Shortly after, another Khitan army arrived, and Wang Yanqiu and Zhang Yanlang withdrew some distance away from Dingzhou. Wang Du and Tunei took the opportunity to chase them to Quyang (曲陽, in modern Baoding), but fell into a trap laid by Wang Yanqiu and were defeated with heavy casualties, forcing them to flee back to Dingzhou. Wang Yanqiu also defeated another subsequent wave of Khitan reinforcements, and then put Dingzhou under siege again. With Khitan forces discouraged by their defeat at Wang Yanqiu's hands, Dingzhou's situation became difficult. As a desperate measure, Wang welcomed one Li Jitao (李繼陶)—a commoner boy that Emperor Zhuangzong had taken on one of his campaigns and adopted as his own son, but whom Emperor Mingzong had sent out of the palace when he took the throne—to Dingzhou, and had him put on the emperor's yellow robe and sit on the city wall, stating to Wang Yanqiu, "This is the son of Emperor Zhuangzong, who is now to be emperor. You, Lord, had received the graces from the deceased emperor. How can you not think of him?" Wang Yanqiu, however, pointed out that this was a useless trick, and did not relent on his attack.

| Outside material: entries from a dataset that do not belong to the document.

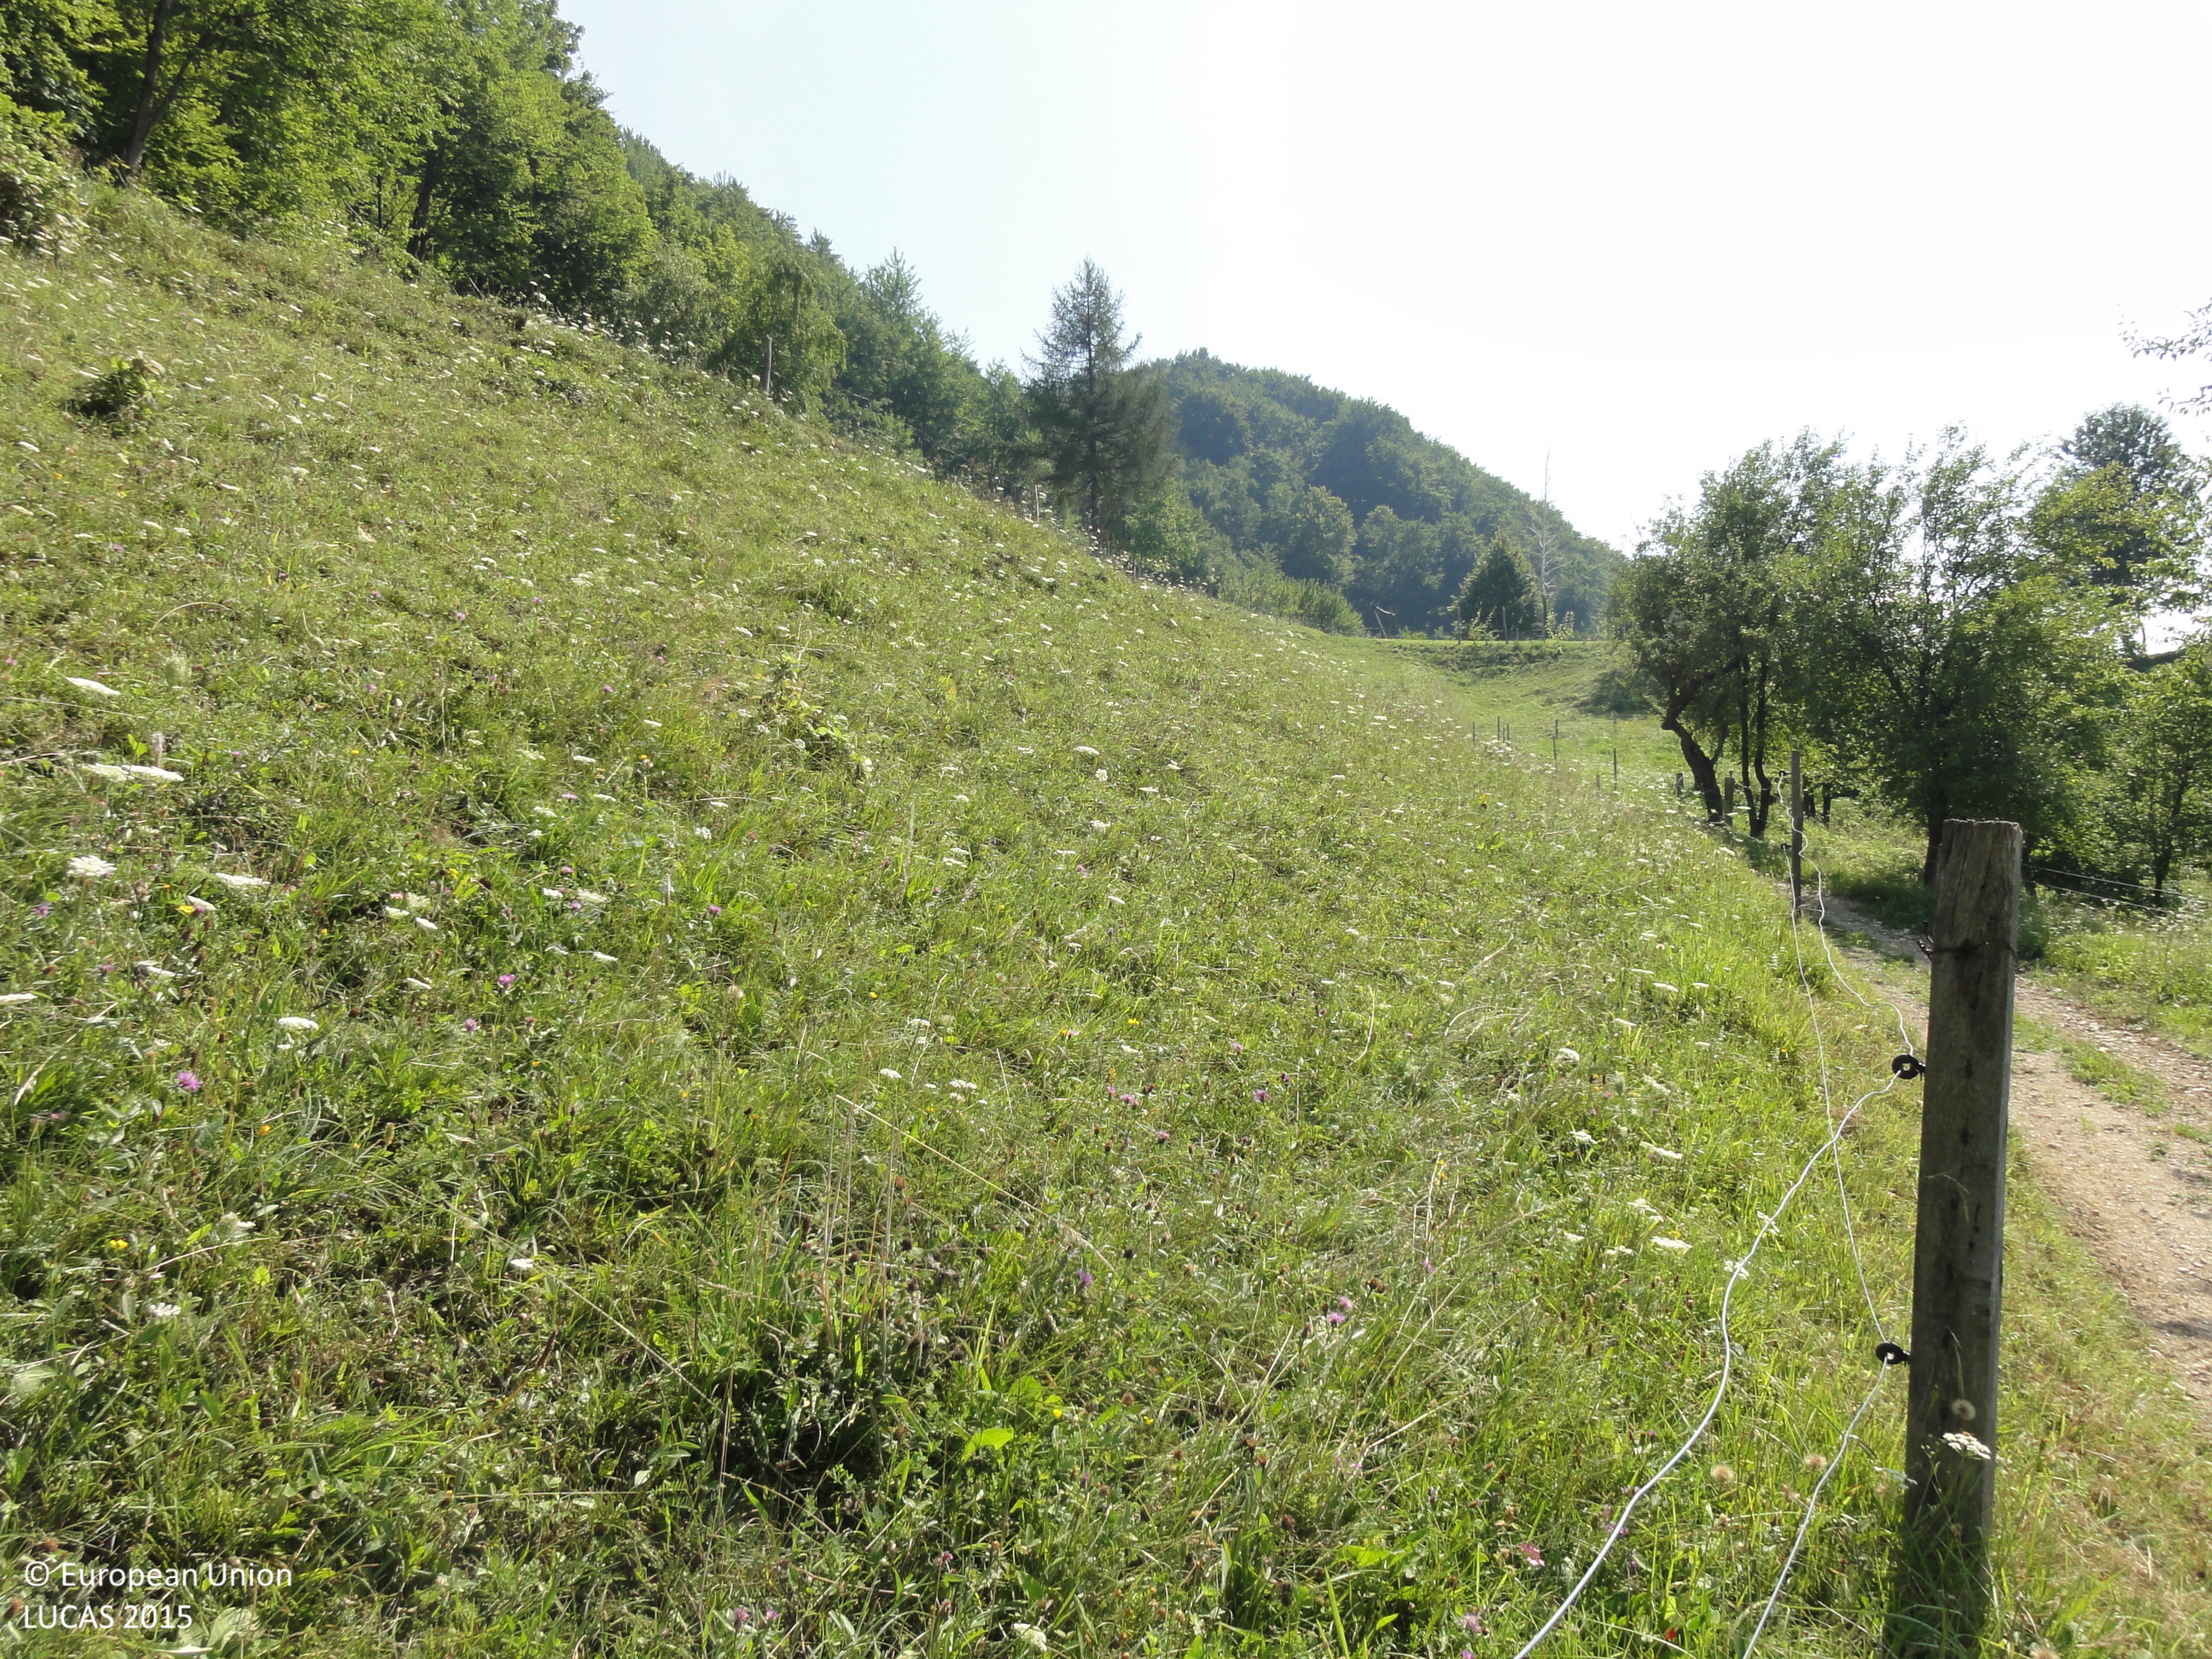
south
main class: Grassland
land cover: Grassland without tree/shrub cover
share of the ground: > 75 %
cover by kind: herbaceous plants 100 %
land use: Agriculture (excluding fallow land and kitchen gardens)
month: August
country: SI
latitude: 46.1568
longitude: 15.4753
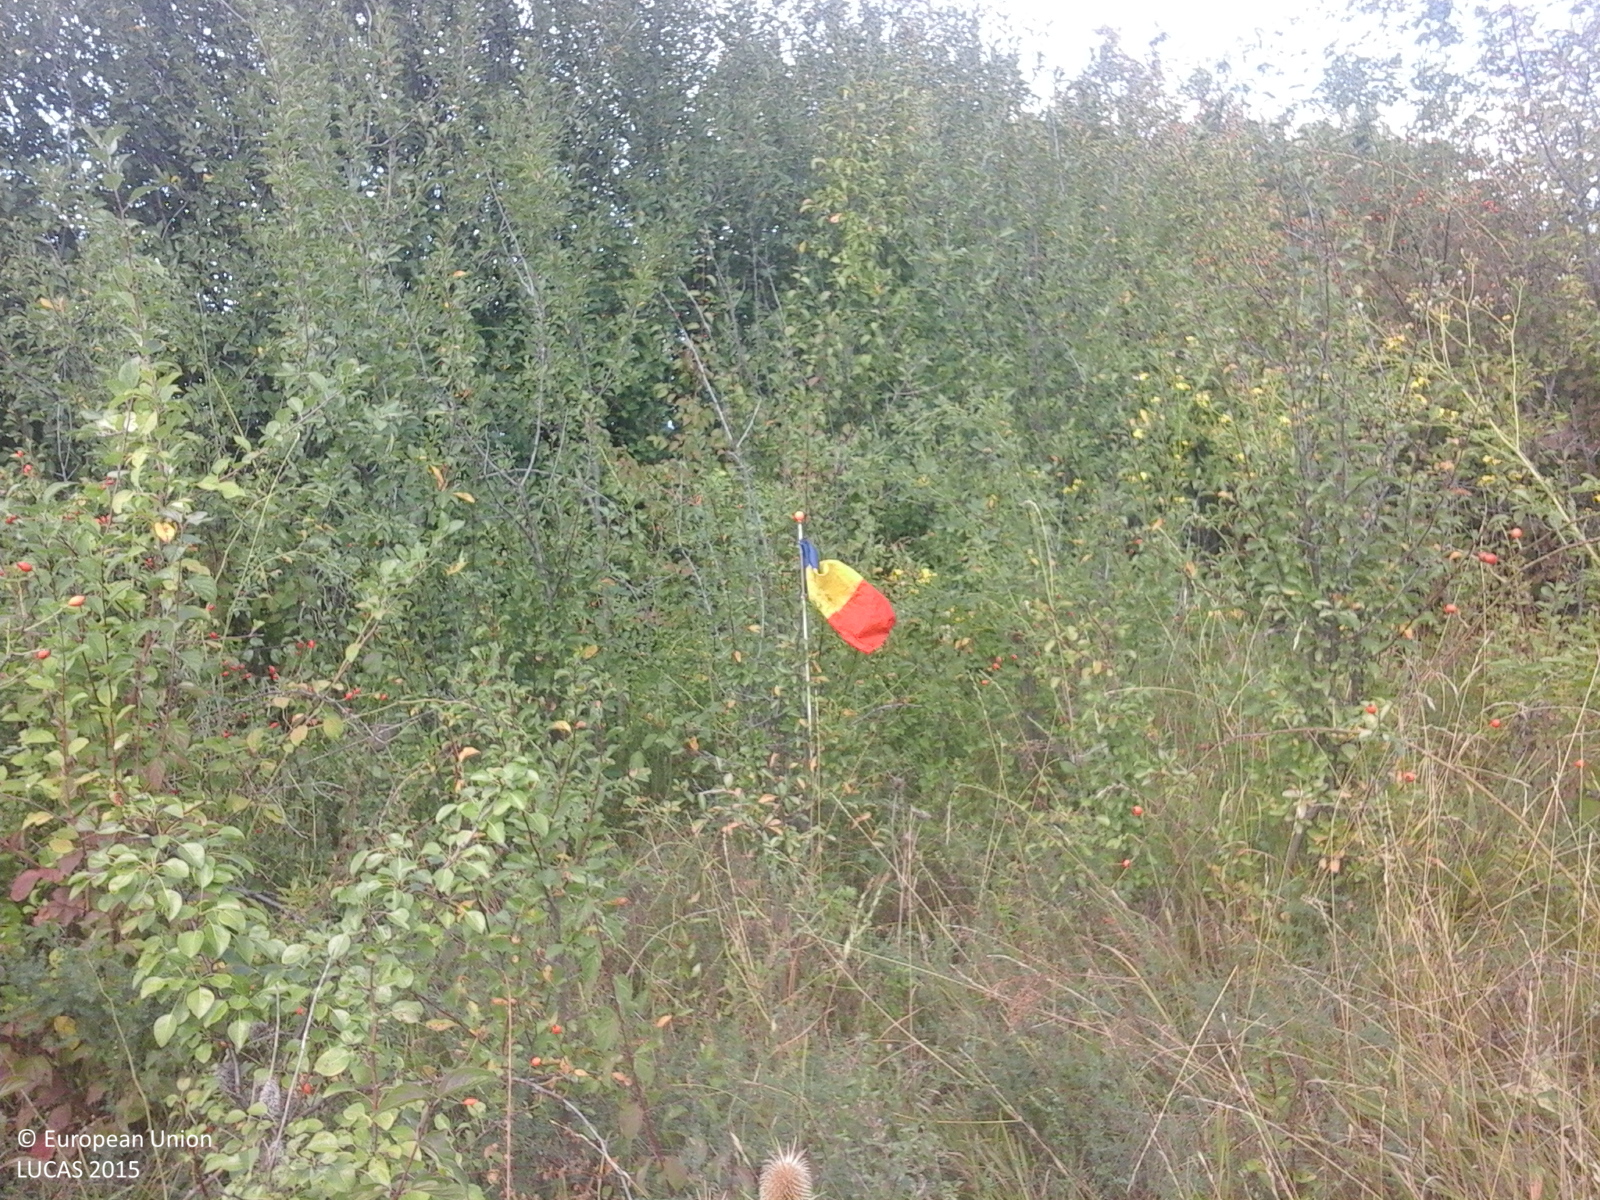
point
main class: Shrubland
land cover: Shrubland without tree cover
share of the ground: > 75 %
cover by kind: shrubs 100 %
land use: Fallow land
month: September
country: RO
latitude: 47.4665
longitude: 23.4591
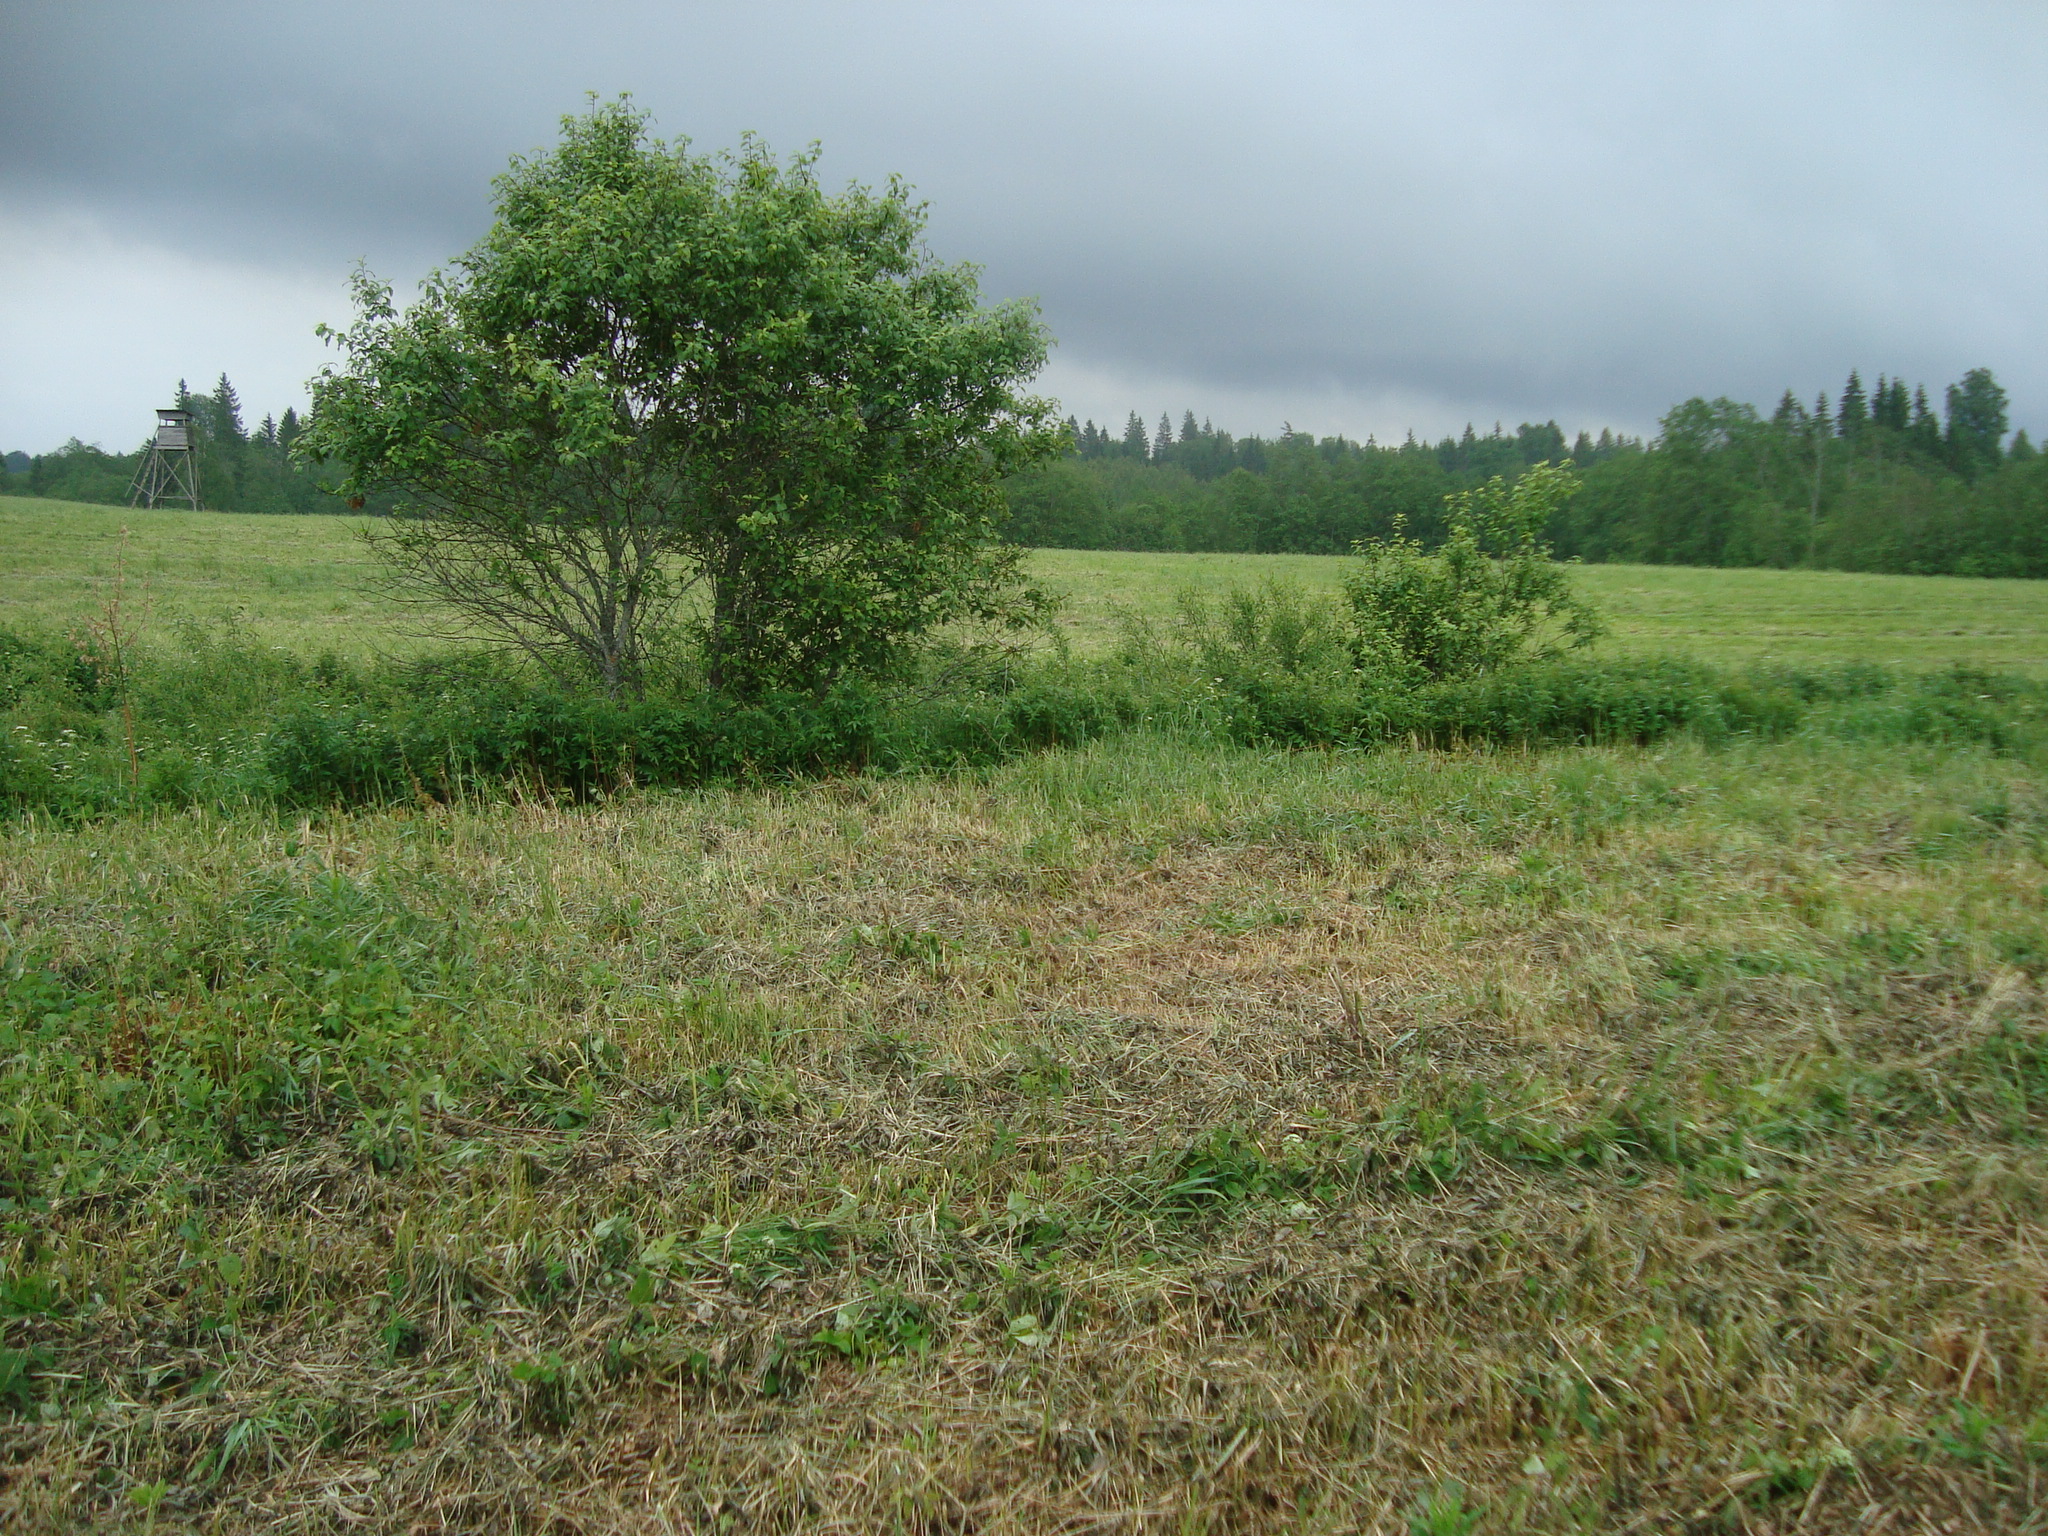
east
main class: Grassland
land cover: Grassland without tree/shrub cover
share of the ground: > 75 %
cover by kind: herbaceous plants 100 %
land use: Agriculture (excluding fallow land and kitchen gardens)
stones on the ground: < 10 %
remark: Harvested field
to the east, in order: Grassland without tree/shrub cover; Abandoned hedges; Ditches and canals; Grassland without tree/shrub cover
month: June
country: LV
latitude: 56.9830
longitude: 25.6386

However, Wang Du was, for months, effective at holding Dingzhou's defenses. He also kept close watch on his officers, and any officer who were about to defect to the imperial forces would be killed. Emperor Mingzong sent messengers to push Wang Yanqiu into attacking more directly, but Wang Yanqiu showed the secureness of the defenses to the imperial messengers, and insisted that it was better to keep the city under siege and then wait for it to collapse on its own. Emperor Mingzong agreed. In spring 929, Wang Du and Tunei tried to fight their way out of the siege, but could not. Shortly after, Wang Du's officer Ma Rangneng (馬讓能) opened up the city gates to let the imperial forces in. Wang Du and his family committed suicide by fire. Wang Du had maintained an extensive collection of books, which he collected by sending messengers to buy up rare books at the time that Zhang Wenli's son Zhang Chujin was defeated at Chengde, and when Later Liang was conquered. In his suicide, the book collection was also destroyed. Four of his sons and one of his brothers (presumably from the Liu line) were captured (along with Tunei) and presented to Emperor Mingzong.